THE PROBLEM
The copy should begin at the line containing "Identify the crop" and end with the last line below, every line exact and no picture included.

Data records
=== Section Start ===
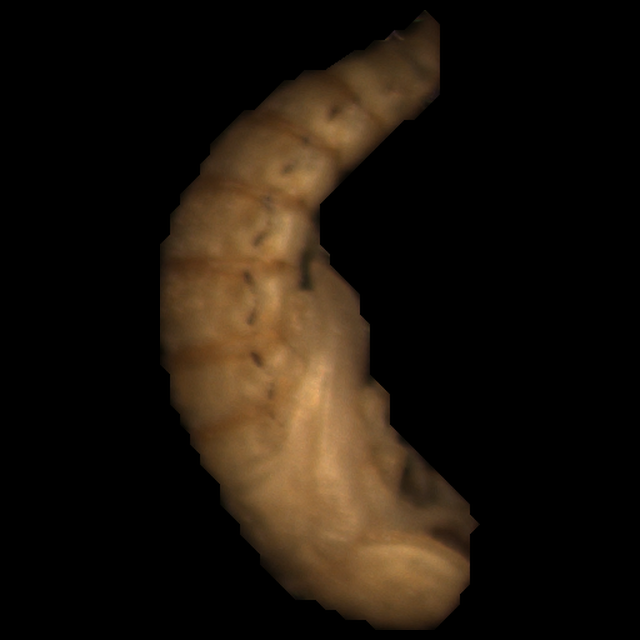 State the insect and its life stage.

mealworm pupa
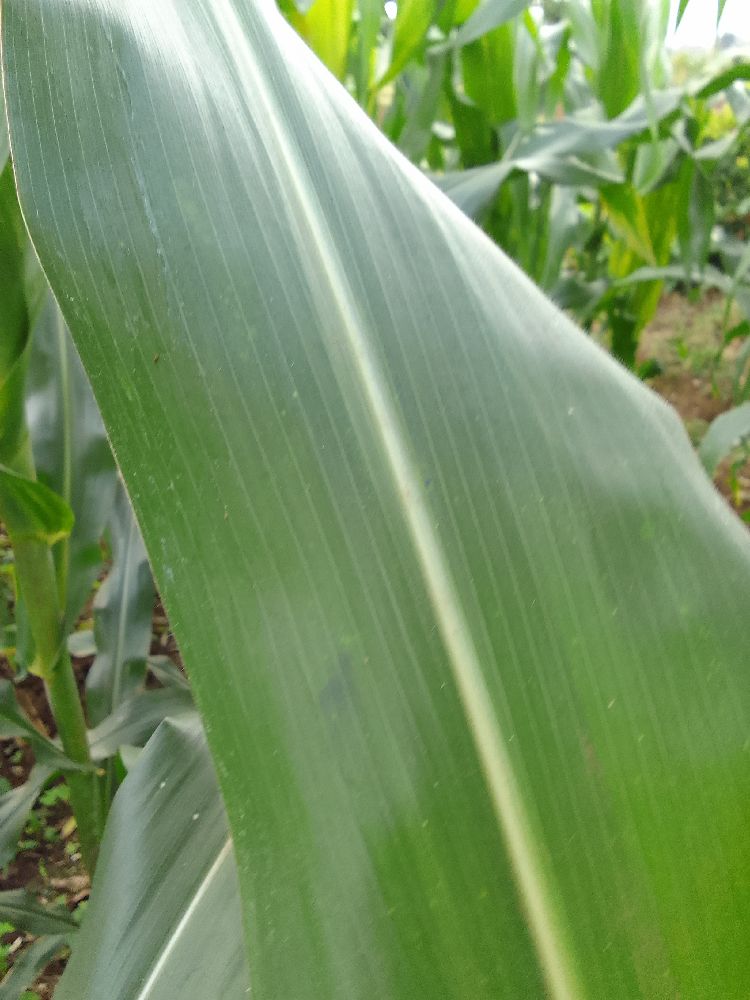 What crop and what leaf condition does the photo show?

maize, healthy
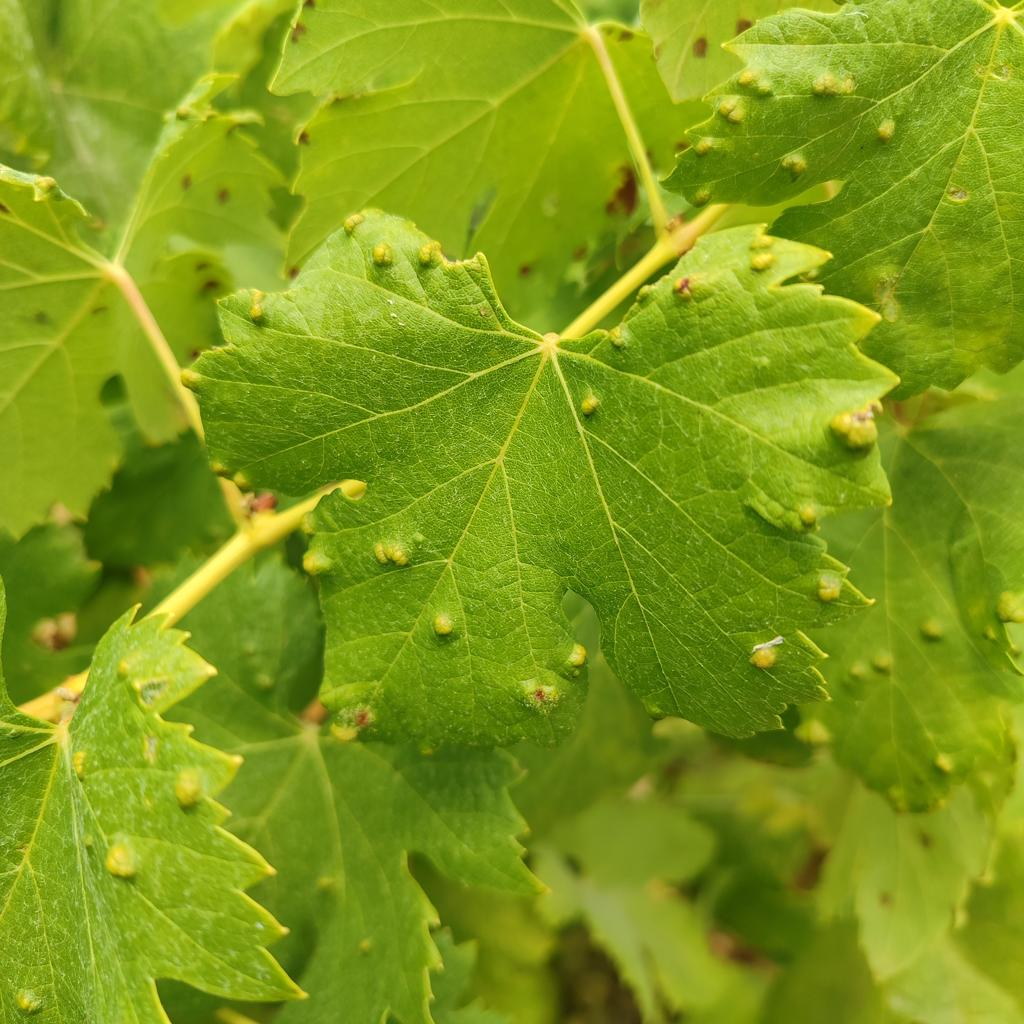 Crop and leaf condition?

grapevine, erineum mite
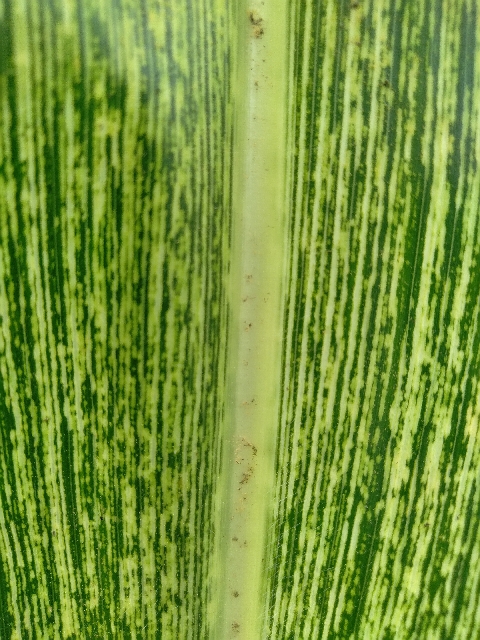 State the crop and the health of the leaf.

maize, maize streak virus
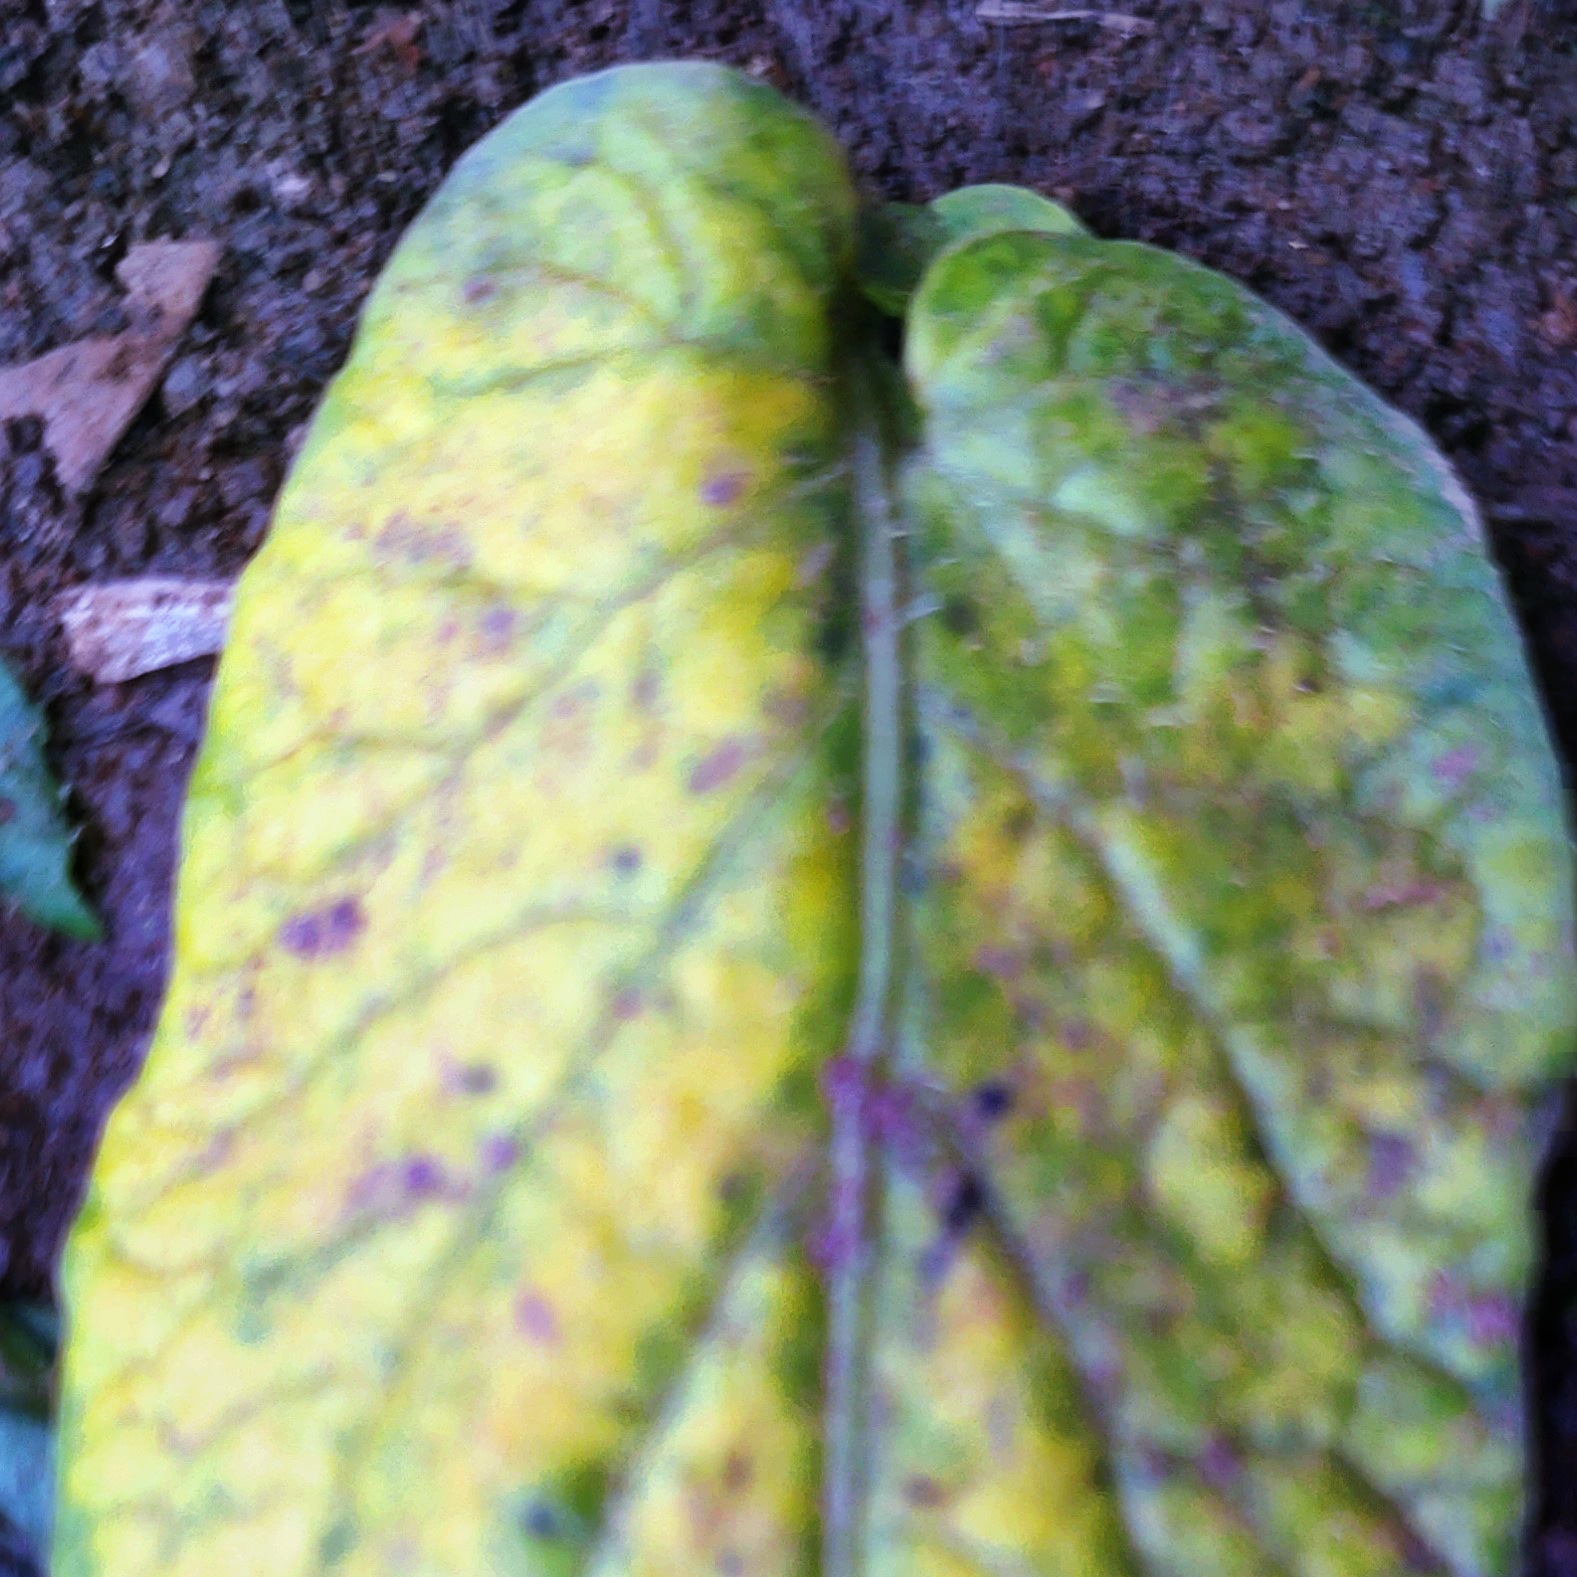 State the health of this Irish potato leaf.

late blight
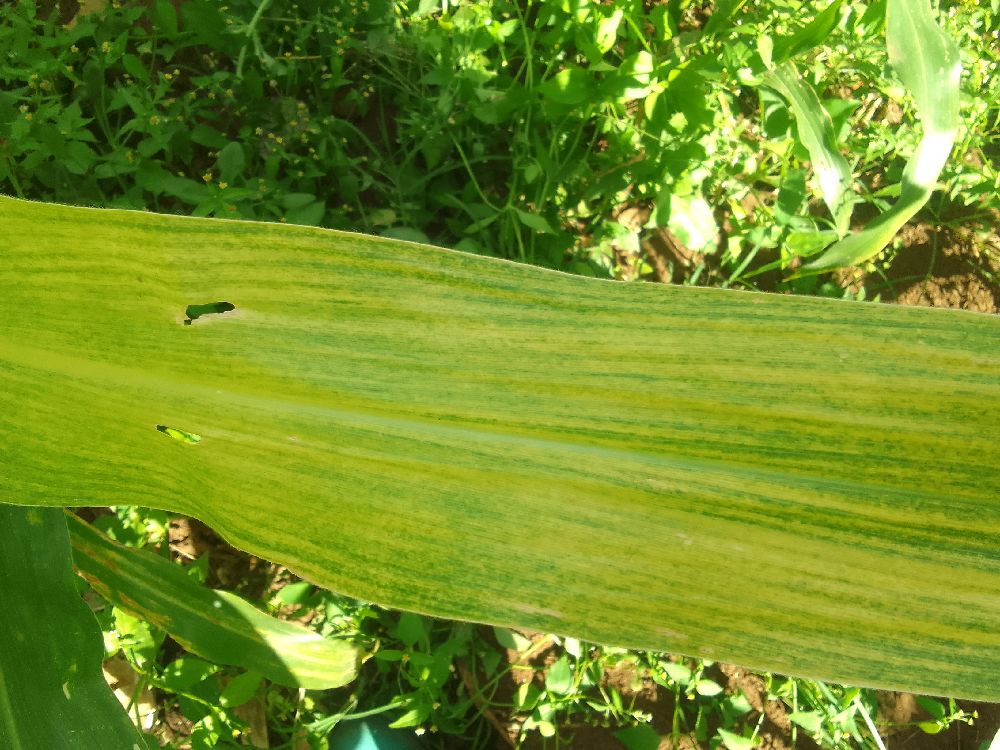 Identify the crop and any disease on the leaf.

maize, maize lethal necrosis
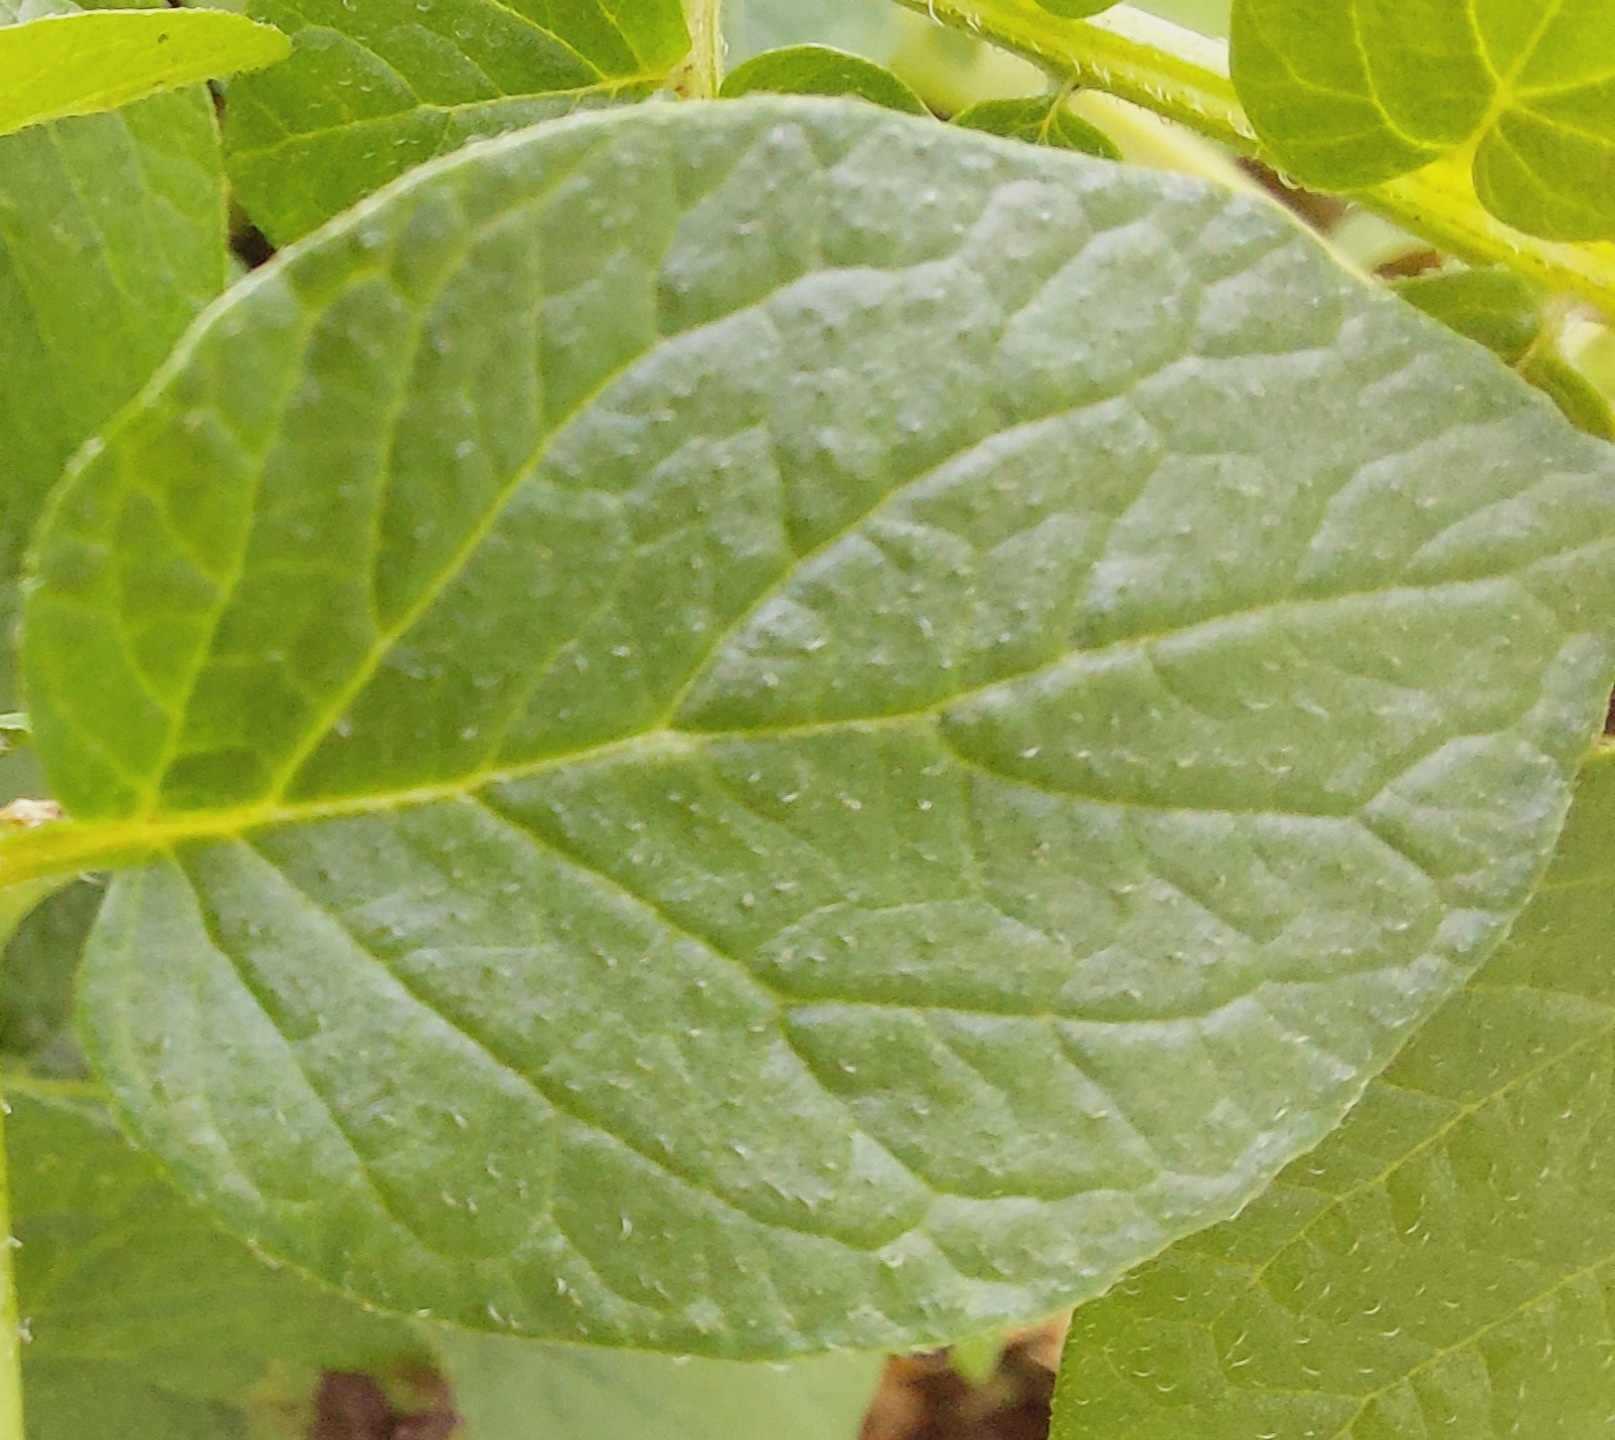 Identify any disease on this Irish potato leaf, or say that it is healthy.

healthy
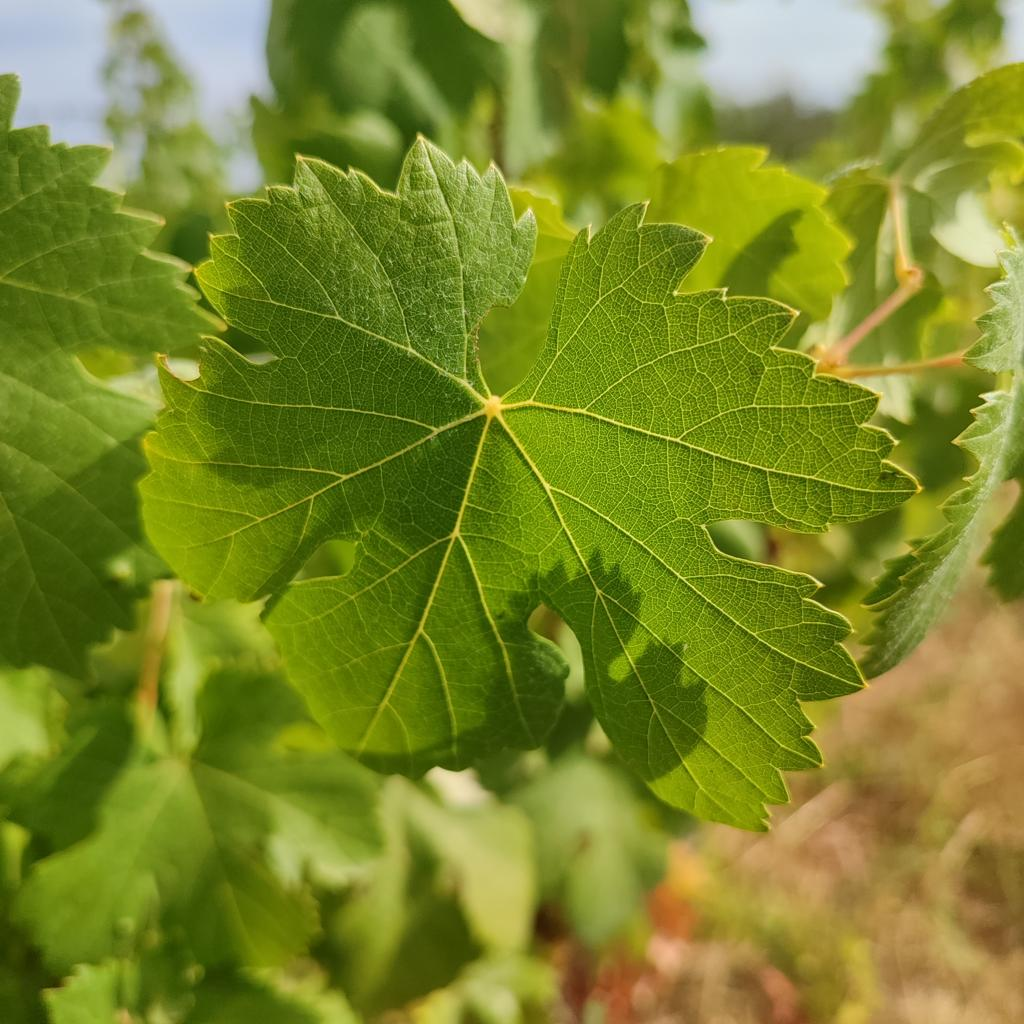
=== Section End ===
RESPONSE TO THIS EXERCISE
 Identify the crop and any disease on the leaf.

maize, maize lethal necrosis
 Identify any disease on this Irish potato leaf, or say that it is healthy.

healthy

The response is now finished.